Tex-Mex Beans From Scratch
Instead of opening several cans of "Baked Beans,"pouring them into a slow cooker and reheating them, (which I've done before for pot-luck parties) I wanted to make something from scratch. Beans that are not too sweet, but rich with the savory flavors of garlic, cilantro, and pepper. Eureka, that sounds like the pinto beans that I've enjoyed at many Tex-Mex restaurants like Chipotle, Chilies, Papasitos and more.

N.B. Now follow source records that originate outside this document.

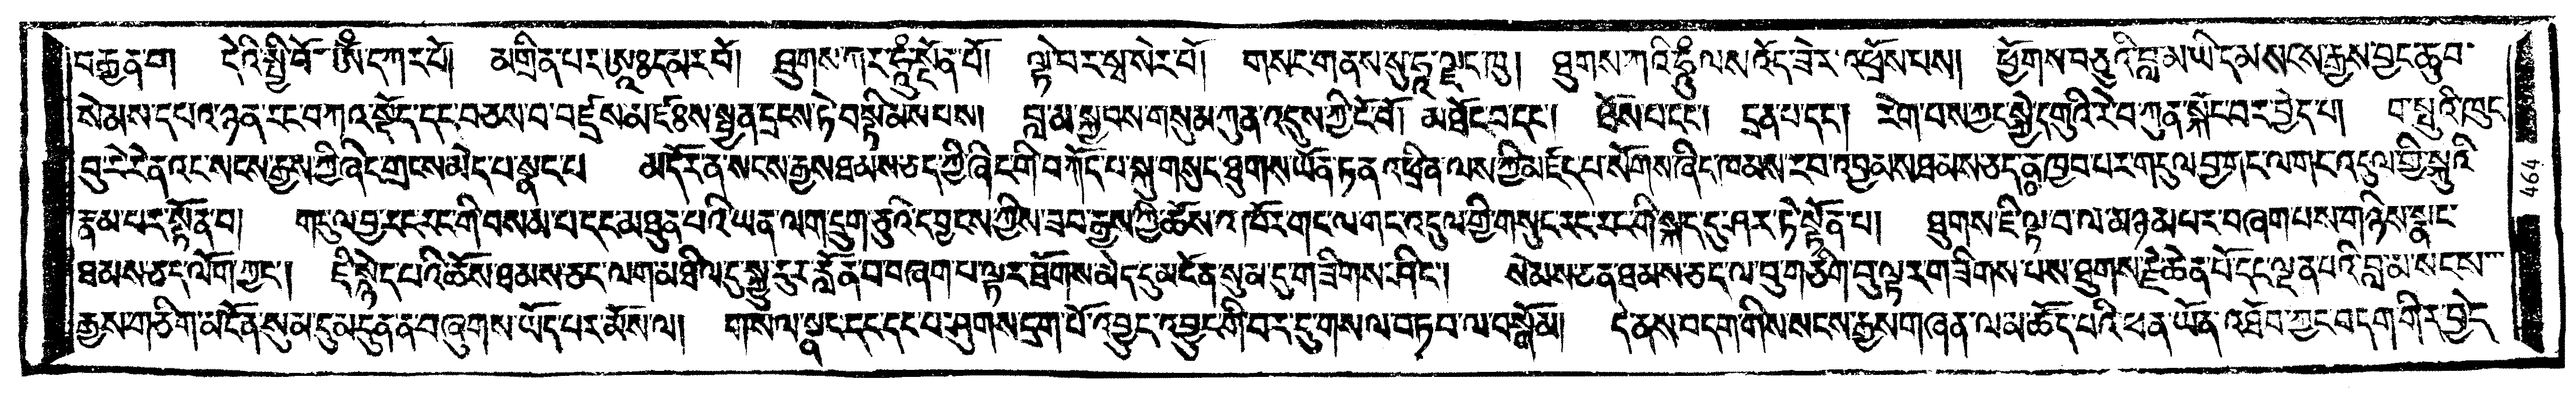བརྒྱན་པ། དེའི་སྤྱི་བོ་ཨོཾ་དཀར་པོ། མགྲིན་པར་ཨཱཿདམར་པོ། ཐུགས་ཀར་ཧཱུཾ་སྔོན་པོ། ལྟེ་བར་སྭ་སེར་པོ། གསང་གནས་སུ་ཧཱ་ལྗང་ཁུ། ཐུགས་ཀའི་ཧཱུཾ་ལས་འོད་ཟེར་འཕྲོས་པས། ཕྱོགས་བཅུའི་བླ་མ་ཡི་དམ་སངས་རྒྱས་བྱང་ཆུབ་
སེམས་དཔའ་ཉན་རང་བཀའ་སྡོད་དང་བཅས་པ་བཛྲ་ས་མ་ཛཿས་སྤྱན་དྲངས་ཏེ་བསྟིམས་པས། བླ་མ་སྐྱབས་གསུམ་ཀུན་འདུས་ཀྱི་ངོ་བོ། མཐོང་བ་དང་། ཐོས་པ་དང་། དྲན་པ་དང་། རེག་པས་ཀྱང་སྐྱེ་དགུའི་རེ་བ་ཀུན་སྐོང་བར་བྱེད་པ། བ་སྤུའི་ཁུང་
བུ་རེ་རེ་ནའང་སངས་རྒྱས་ཀྱི་ཞིང་གྲངས་མེད་པ་སྣང་པ་མདོར་ན་སངས་རྒྱས་ཐམས་ཅད་ཀྱི་ཞིང་གི་བཀོད་པ་སྐུ་གསུང་ཐུགས་ཡོན་ཏན་འཕྲིན་ལས་ཀྱི་མཛད་པ་སོགས་ཞིང་ཁམས་རབ་འབྱམས་ཐམས་ཅད་ན་ཁྱབ་པར་གདུལ་བྱ་གང་ལ་གང་འདུལ་གྱི་སྐུའི་
རྣམ་པར་སྟོན་པ། གདུལ་བྱ་རང་རང་གི་བསམ་པ་དང་མཐུན་པའི་ཡན་ལག་དྲུག་ཅུའི་དབྱངས་ཀྱིས་ཟབ་རྒྱས་ཀྱི་ཆོས་འཁོར་གང་ལ་གང་འདུལ་གྱི་གསུང་རང་རང་གི་སྐད་དུ་ཤར་ཏེ་སྟོན་པ། ཐུགས་ཇི་ལྟ་བ་ལ་མཉམ་པར་བཞག་པས་གཉིས་སྣང་
ཐམས་ཅད་ལོག་ཀྱང་། ཇི་སྙེད་པའི་ཆོས་ཐམས་ཅད་ལག་མཐིལ་དུ་སྐྱུ་རུར་རློན་བ་བཞག་པ་ལྟར་ཐོགས་མེད་དུ་མངོན་སུམ་དུ་གཟིགས་ཤིང་། སེམས་ཅན་ཐམས་ཅད་ལ་བུ་གཅིག་བུ་ལྟར་གཟིགས་པས་ཐུགས་རྗེ་ཆེན་པོ་དང་ལྡན་པའི་བླ་མ་སངས་
རྒྱས་གཅིག་མངོན་སུམ་དུ་མདུན་ན་བཞུགས་ཡོད་པར་མོས་ལ། གསལ་སྣང་དང་དང་པ་ཤུགས་དྲག་པོ་འབྱུང་འབྱུང་གི་བར་དུ་གསལ་བཏབ་ལ་བསྒོམ། དེ་ནས་བདག་གིས་སངས་རྒྱས་གཞན་ལ་མཆོད་པའི་ཕན་ཡོན་འཐོབ་ཀྱང་བདག་གིར་བྱེད་

These beans are more than a side dish. They are a meal on their own. Oh, and if you saute the onions in bacon fat, it will take these beans to another level of gastronomic deliciousness. If (and that's a big if) by any small chance that you have leftovers you can use them in the "Chili and Fixings" recipe.
Tex-Mex Beans From Scratch
16 oz of dried pinto beans
1 - 2 lemons, optional (See note in step one)

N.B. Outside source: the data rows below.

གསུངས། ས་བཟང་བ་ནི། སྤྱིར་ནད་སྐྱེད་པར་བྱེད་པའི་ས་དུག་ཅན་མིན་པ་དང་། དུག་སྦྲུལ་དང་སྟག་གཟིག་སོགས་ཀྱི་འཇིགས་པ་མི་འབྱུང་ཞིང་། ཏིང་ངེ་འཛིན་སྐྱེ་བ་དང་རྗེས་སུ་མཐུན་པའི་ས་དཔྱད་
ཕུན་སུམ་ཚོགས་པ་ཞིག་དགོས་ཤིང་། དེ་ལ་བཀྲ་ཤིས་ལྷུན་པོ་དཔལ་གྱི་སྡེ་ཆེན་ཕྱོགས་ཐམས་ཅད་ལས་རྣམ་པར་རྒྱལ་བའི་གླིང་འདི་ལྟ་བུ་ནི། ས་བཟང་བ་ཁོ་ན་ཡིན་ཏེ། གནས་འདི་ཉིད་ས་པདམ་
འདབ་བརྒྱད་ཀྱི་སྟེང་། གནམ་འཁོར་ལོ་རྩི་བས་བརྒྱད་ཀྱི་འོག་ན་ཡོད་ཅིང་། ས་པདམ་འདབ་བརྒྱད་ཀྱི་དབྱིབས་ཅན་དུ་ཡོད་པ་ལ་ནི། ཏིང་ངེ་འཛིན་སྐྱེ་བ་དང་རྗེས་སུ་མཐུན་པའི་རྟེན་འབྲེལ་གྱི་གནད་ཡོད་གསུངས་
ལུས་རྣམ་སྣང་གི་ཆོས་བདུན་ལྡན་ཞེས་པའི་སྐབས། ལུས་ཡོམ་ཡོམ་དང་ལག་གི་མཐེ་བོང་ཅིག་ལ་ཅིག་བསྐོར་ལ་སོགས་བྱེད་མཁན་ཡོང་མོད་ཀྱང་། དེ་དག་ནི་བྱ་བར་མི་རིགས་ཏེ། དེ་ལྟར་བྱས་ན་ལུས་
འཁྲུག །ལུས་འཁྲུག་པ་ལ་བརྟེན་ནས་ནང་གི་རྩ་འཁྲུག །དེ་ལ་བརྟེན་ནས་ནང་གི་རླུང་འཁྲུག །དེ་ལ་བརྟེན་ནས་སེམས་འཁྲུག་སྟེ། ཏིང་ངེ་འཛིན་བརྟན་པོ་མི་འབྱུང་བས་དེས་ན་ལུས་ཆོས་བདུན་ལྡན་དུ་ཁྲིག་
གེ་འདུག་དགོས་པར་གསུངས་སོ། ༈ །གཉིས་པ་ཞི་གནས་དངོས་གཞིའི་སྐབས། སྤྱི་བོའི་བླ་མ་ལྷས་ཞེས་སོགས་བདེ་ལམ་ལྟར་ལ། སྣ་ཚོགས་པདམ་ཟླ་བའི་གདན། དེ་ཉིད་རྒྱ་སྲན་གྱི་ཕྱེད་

1 1/2 - 2 cups of chicken, pork, or beef stock
1 large sweet or yellow onion
3 heaping tablespoons of bacon fat (I used the fat from organic/nitrate free bacon)
4 teaspoons of salt
2 teaspoons of pepper
3 "Oven Roasted Chilies" or 1 (7 oz) can of fire roasted chilies
2 - 3 cloves of garlic, pressed or minced
1 teaspoon cumin
1 heaping cup of fresh cilantro with upper stems
Optional Garnishes
sour cream
onions and cilantro
queso fresca
1. As I mentioned before I've learned that soaking grains in an acidic medium for 8 to 12 hours helps to neutralize phytic acids and enzyme inhibitors making nutrients more readily available to our bodies and more easily absorbed. For more information on the value of soaking grains visit these two blog posts: "The Value of Soaking Your Grains" and "What's the Fuss About Soaking Grains? Explanation and Research Shared." Place beans in a large pot of water. The water should top the beans by 2 inches. Add the juice of one or two lemons and soak the beans for 12 to 24 hours. I soaked my beans for 24 hours.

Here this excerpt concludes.